Top of Supplied data
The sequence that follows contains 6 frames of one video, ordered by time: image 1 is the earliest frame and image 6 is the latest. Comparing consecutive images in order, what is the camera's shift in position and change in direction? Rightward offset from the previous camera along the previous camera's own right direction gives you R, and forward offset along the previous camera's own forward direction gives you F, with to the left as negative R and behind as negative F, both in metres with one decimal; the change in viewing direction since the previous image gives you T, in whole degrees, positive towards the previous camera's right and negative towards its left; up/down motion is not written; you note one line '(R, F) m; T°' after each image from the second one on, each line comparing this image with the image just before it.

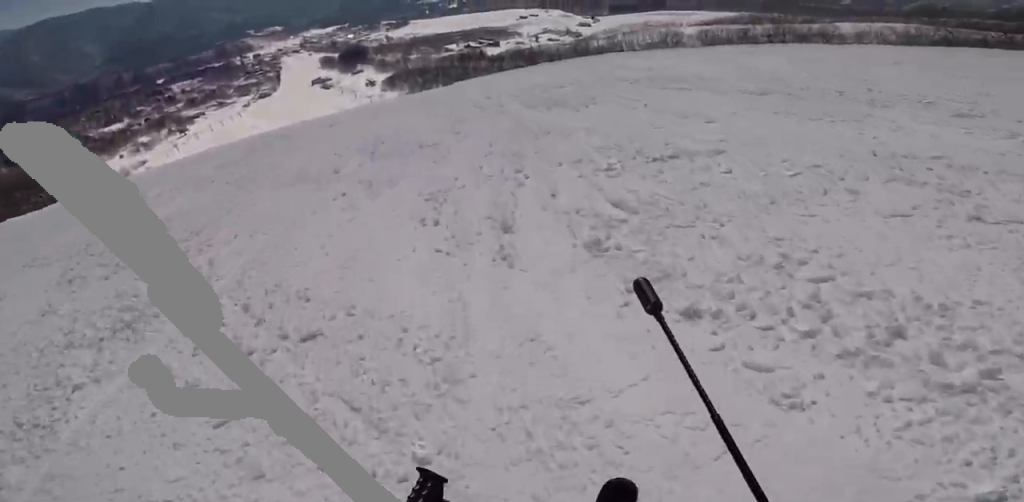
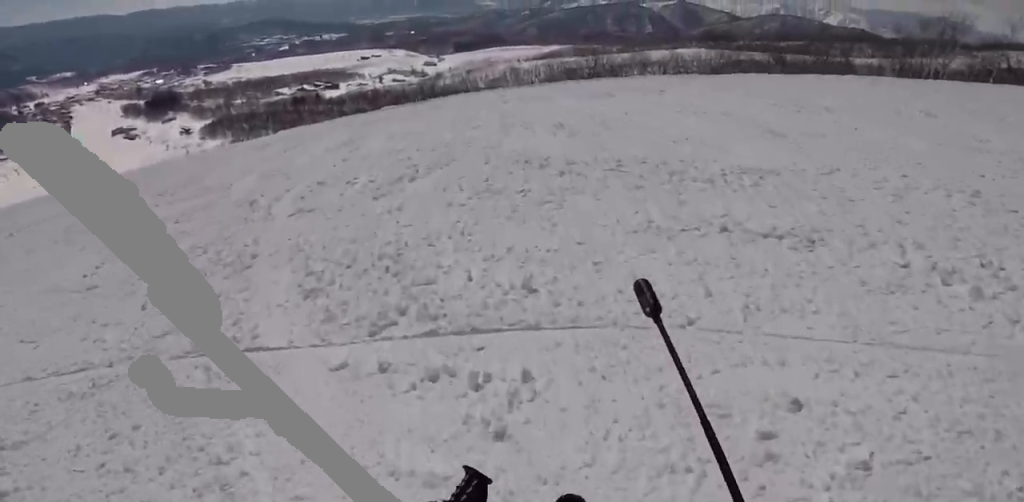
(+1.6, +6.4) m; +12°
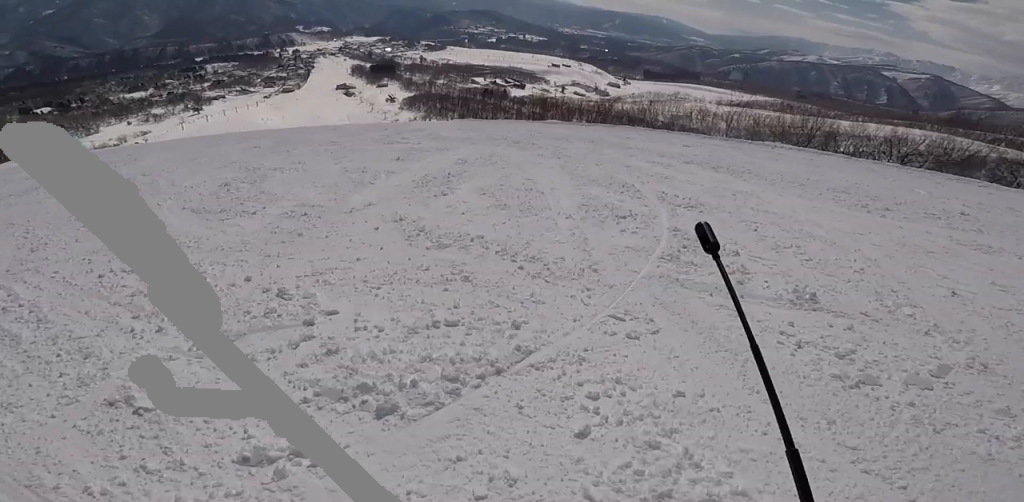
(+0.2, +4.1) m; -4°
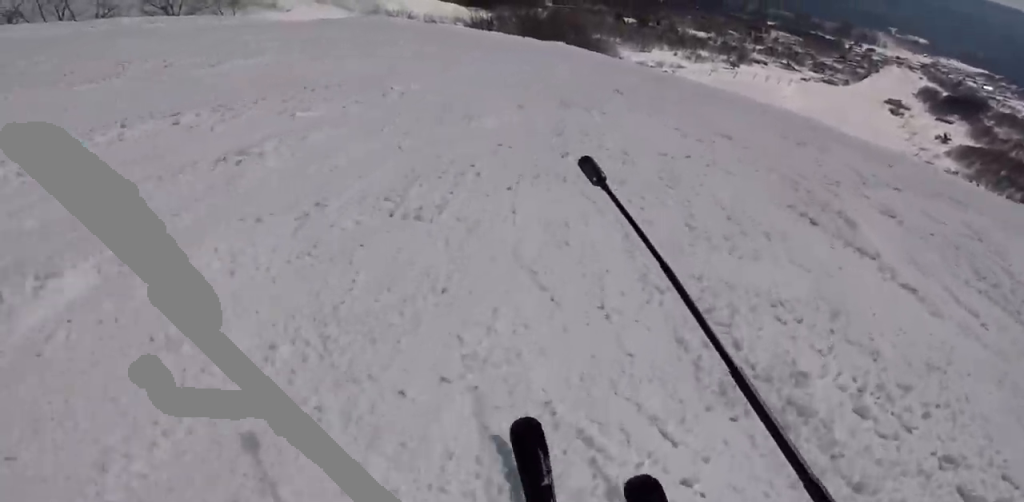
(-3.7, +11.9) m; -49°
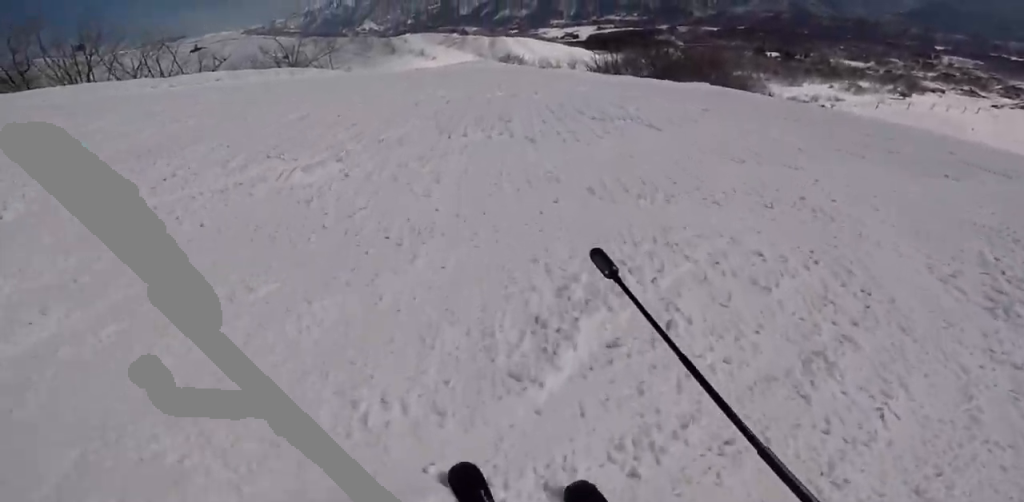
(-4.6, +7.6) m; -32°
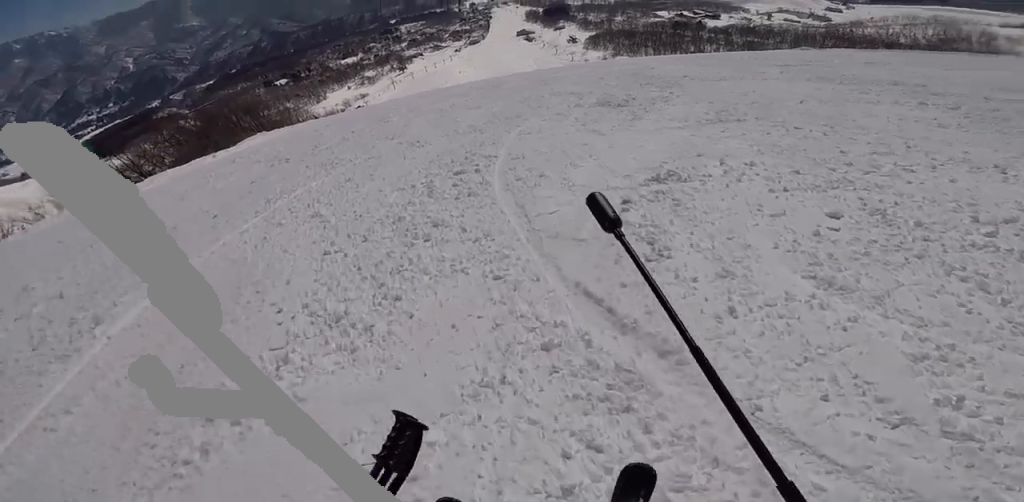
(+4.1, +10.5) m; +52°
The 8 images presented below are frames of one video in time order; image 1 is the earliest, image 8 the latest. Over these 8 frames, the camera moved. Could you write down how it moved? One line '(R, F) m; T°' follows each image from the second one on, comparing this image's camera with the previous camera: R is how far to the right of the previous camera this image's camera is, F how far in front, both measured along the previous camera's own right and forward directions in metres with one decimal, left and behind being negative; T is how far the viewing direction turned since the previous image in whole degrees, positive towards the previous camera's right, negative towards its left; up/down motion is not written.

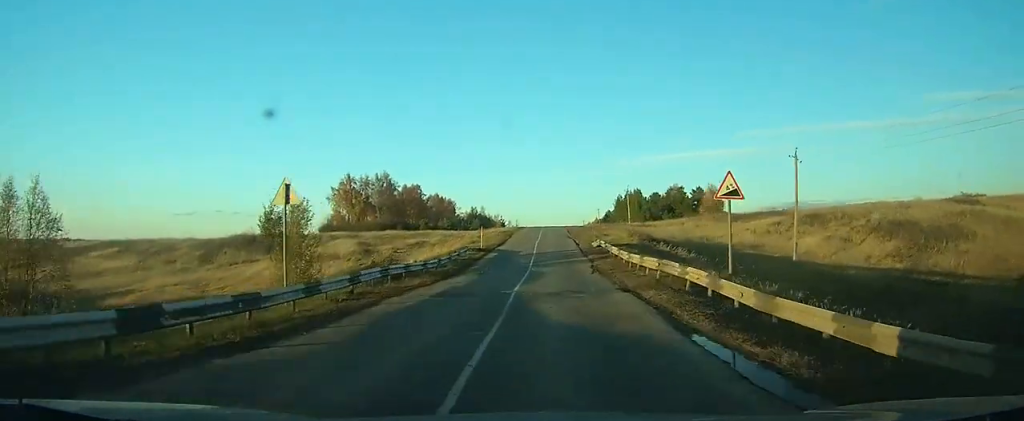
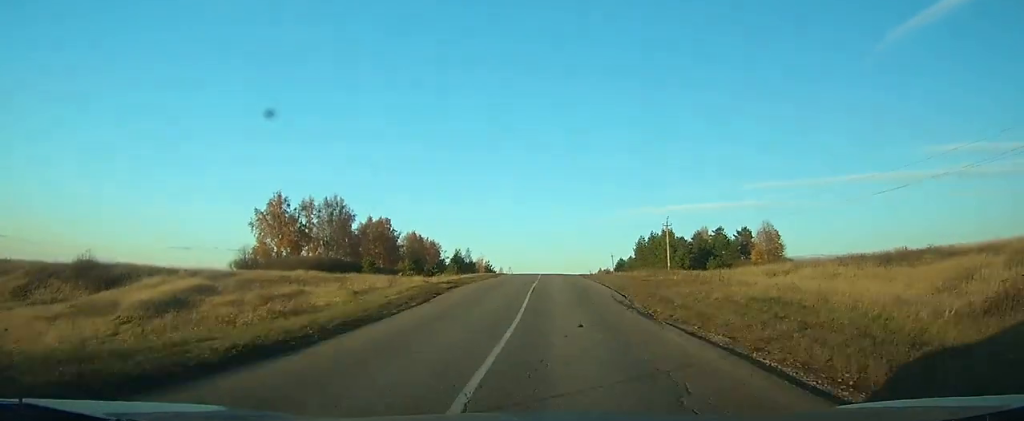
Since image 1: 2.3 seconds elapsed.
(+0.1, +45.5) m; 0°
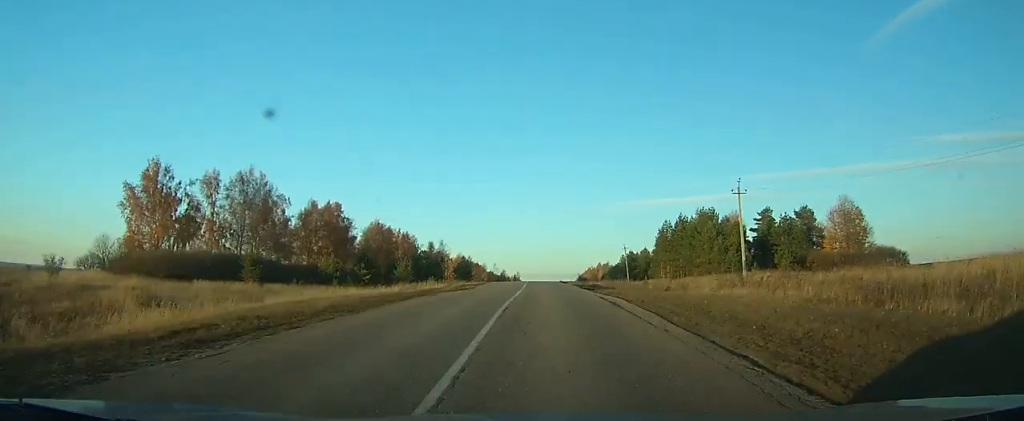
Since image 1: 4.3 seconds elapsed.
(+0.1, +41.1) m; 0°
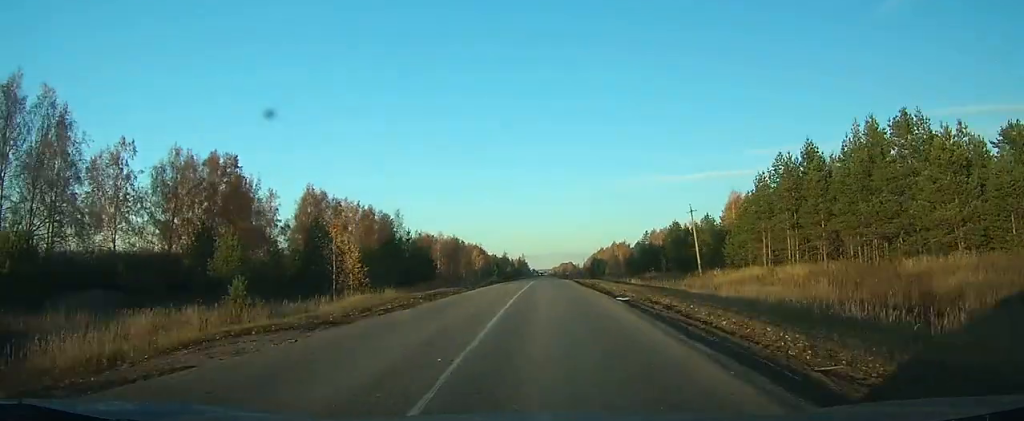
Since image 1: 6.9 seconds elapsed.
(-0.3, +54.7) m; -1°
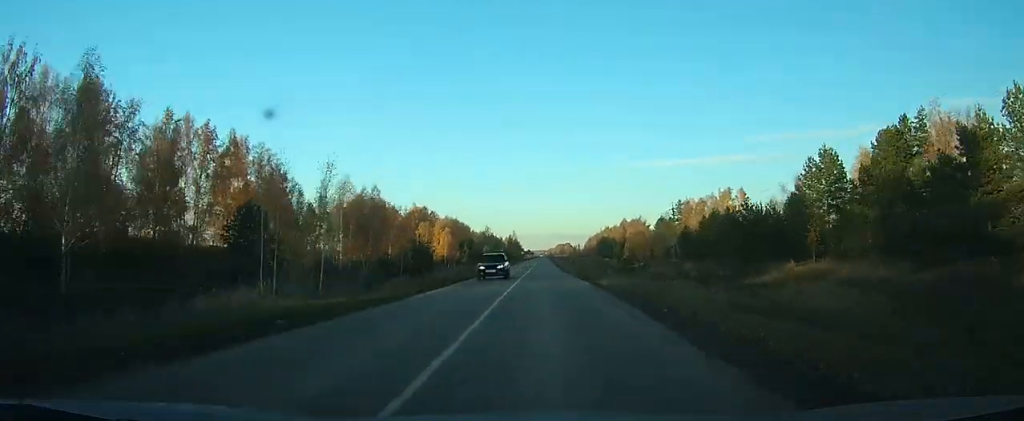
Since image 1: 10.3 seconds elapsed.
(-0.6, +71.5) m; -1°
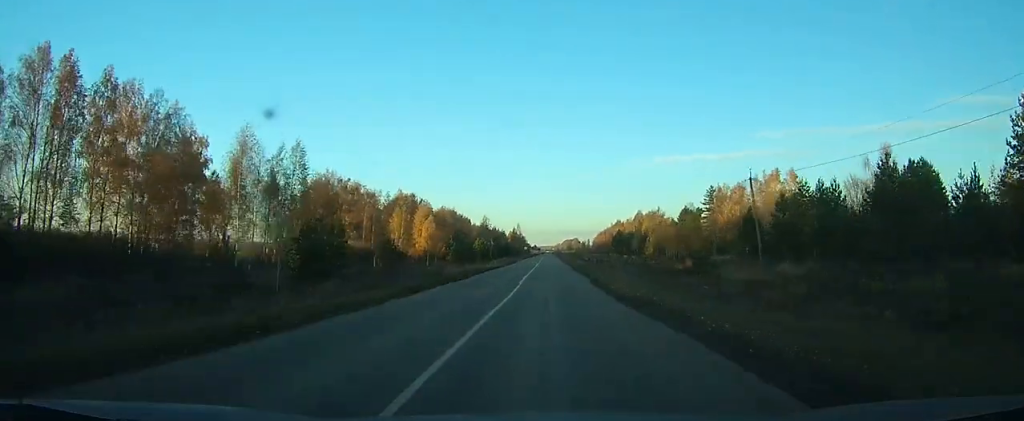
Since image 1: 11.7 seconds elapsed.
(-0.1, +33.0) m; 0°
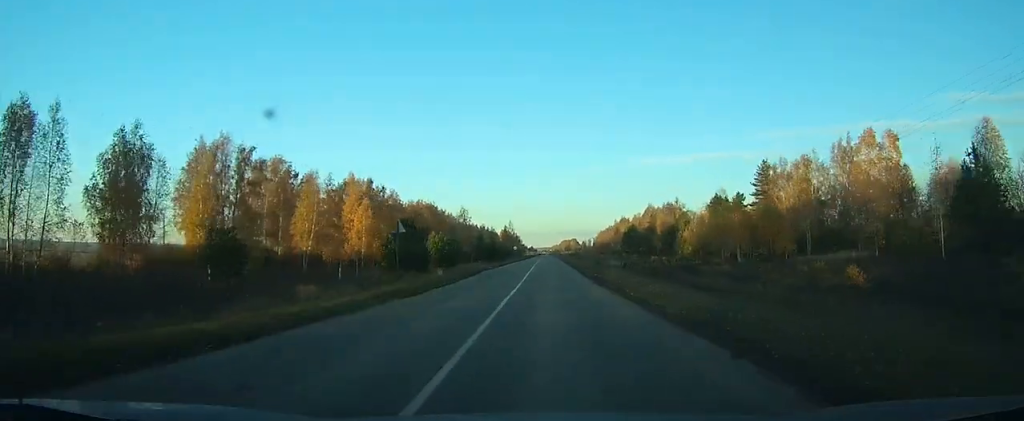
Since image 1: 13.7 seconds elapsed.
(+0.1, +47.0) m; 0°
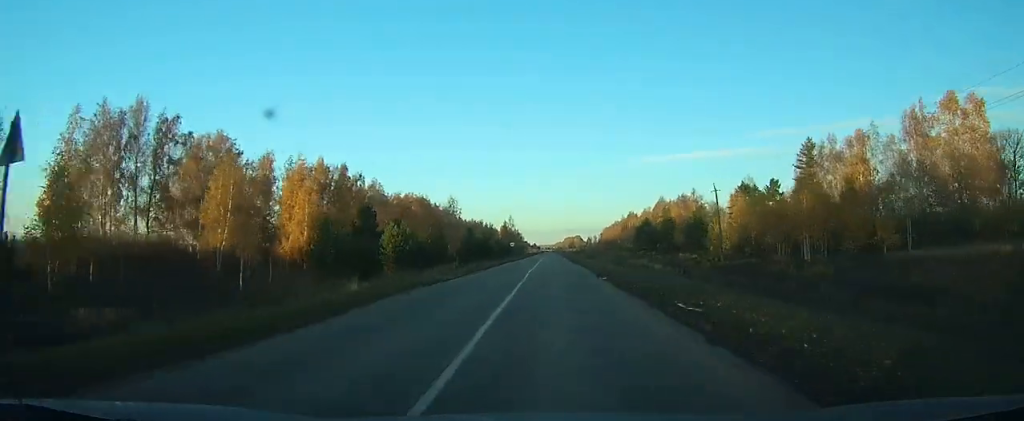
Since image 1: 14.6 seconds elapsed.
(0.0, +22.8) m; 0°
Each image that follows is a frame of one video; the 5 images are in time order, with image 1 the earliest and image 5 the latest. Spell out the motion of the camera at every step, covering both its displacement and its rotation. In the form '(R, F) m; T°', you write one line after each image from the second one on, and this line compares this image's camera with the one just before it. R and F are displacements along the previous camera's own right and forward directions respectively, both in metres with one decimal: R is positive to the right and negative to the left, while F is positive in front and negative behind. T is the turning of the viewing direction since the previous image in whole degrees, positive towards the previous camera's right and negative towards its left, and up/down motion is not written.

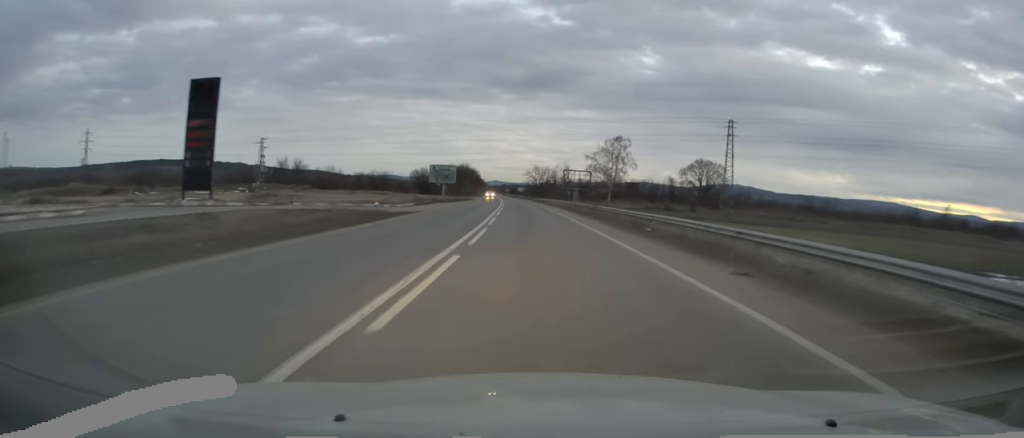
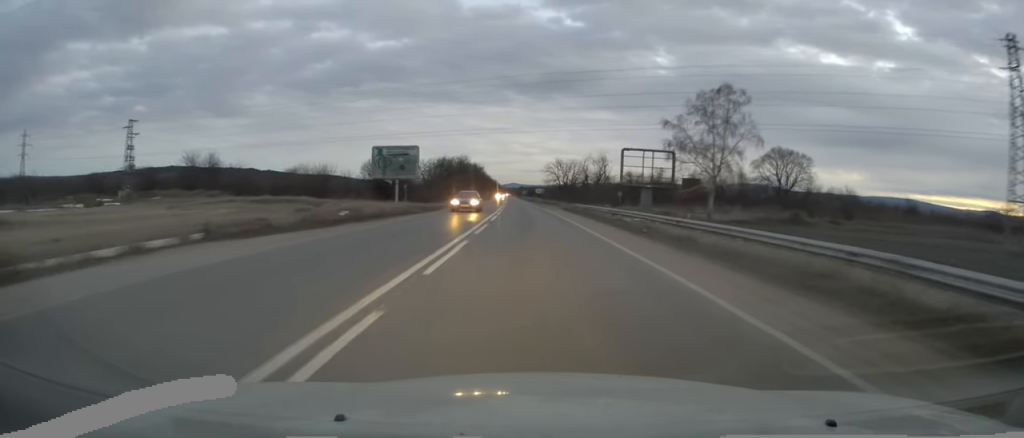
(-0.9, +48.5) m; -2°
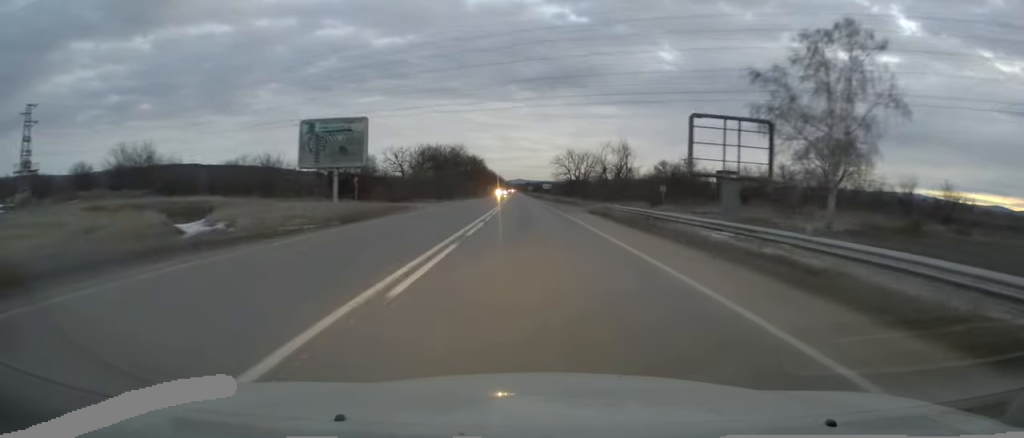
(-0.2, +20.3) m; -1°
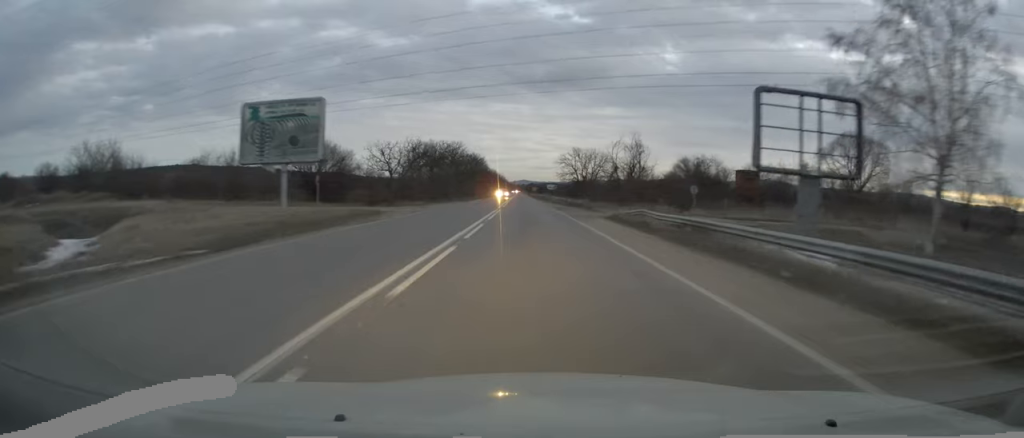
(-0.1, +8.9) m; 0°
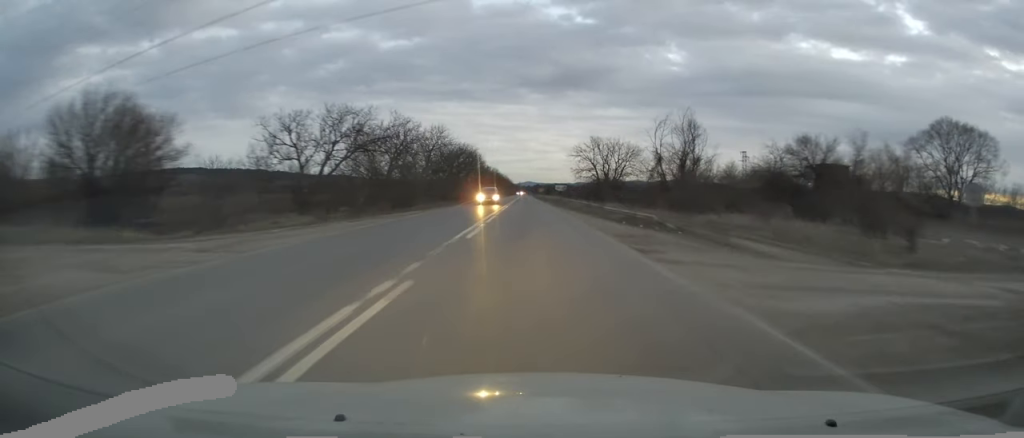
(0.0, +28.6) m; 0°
Bottom of Supplied data
#### [What to work on]
Reproduce the material exactly; omit the pictures.

#### [Answer for this exercise]
The sequence that follows contains 6 frames of one video, ordered by time: image 1 is the earliest frame and image 6 is the latest. Comparing consecutive images in order, what is the camera's shift in position and change in direction? Rightward offset from the previous camera along the previous camera's own right direction gives you R, and forward offset along the previous camera's own forward direction gives you F, with to the left as negative R and behind as negative F, both in metres with one decimal; the change in viewing direction since the previous image gives you T, in whole degrees, positive towards the previous camera's right and negative towards its left; up/down motion is not written; you note one line '(R, F) m; T°' after each image from the second one on, each line comparing this image with the image just before it.

(+1.6, +6.4) m; +12°
(+0.2, +4.1) m; -4°
(-3.7, +11.9) m; -49°
(-4.6, +7.6) m; -32°
(+4.1, +10.5) m; +52°
The 8 images presented below are frames of one video in time order; image 1 is the earliest, image 8 the latest. Over these 8 frames, the camera moved. Could you write down how it moved? One line '(R, F) m; T°' follows each image from the second one on, comparing this image's camera with the previous camera: R is how far to the right of the previous camera this image's camera is, F how far in front, both measured along the previous camera's own right and forward directions in metres with one decimal, left and behind being negative; T is how far the viewing direction turned since the previous image in whole degrees, positive towards the previous camera's right, negative towards its left; up/down motion is not written.

Since image 1: 2.3 seconds elapsed.
(+0.1, +45.5) m; 0°
Since image 1: 4.3 seconds elapsed.
(+0.1, +41.1) m; 0°
Since image 1: 6.9 seconds elapsed.
(-0.3, +54.7) m; -1°
Since image 1: 10.3 seconds elapsed.
(-0.6, +71.5) m; -1°
Since image 1: 11.7 seconds elapsed.
(-0.1, +33.0) m; 0°
Since image 1: 13.7 seconds elapsed.
(+0.1, +47.0) m; 0°
Since image 1: 14.6 seconds elapsed.
(0.0, +22.8) m; 0°
Each image that follows is a frame of one video; the 5 images are in time order, with image 1 the earliest and image 5 the latest. Spell out the motion of the camera at every step, covering both its displacement and its rotation. In the form '(R, F) m; T°', you write one line after each image from the second one on, and this line compares this image's camera with the one just before it. R and F are displacements along the previous camera's own right and forward directions respectively, both in metres with one decimal: R is positive to the right and negative to the left, while F is positive in front and negative behind. T is the turning of the viewing direction since the previous image in whole degrees, positive towards the previous camera's right and negative towards its left, and up/down motion is not written.

(-0.9, +48.5) m; -2°
(-0.2, +20.3) m; -1°
(-0.1, +8.9) m; 0°
(0.0, +28.6) m; 0°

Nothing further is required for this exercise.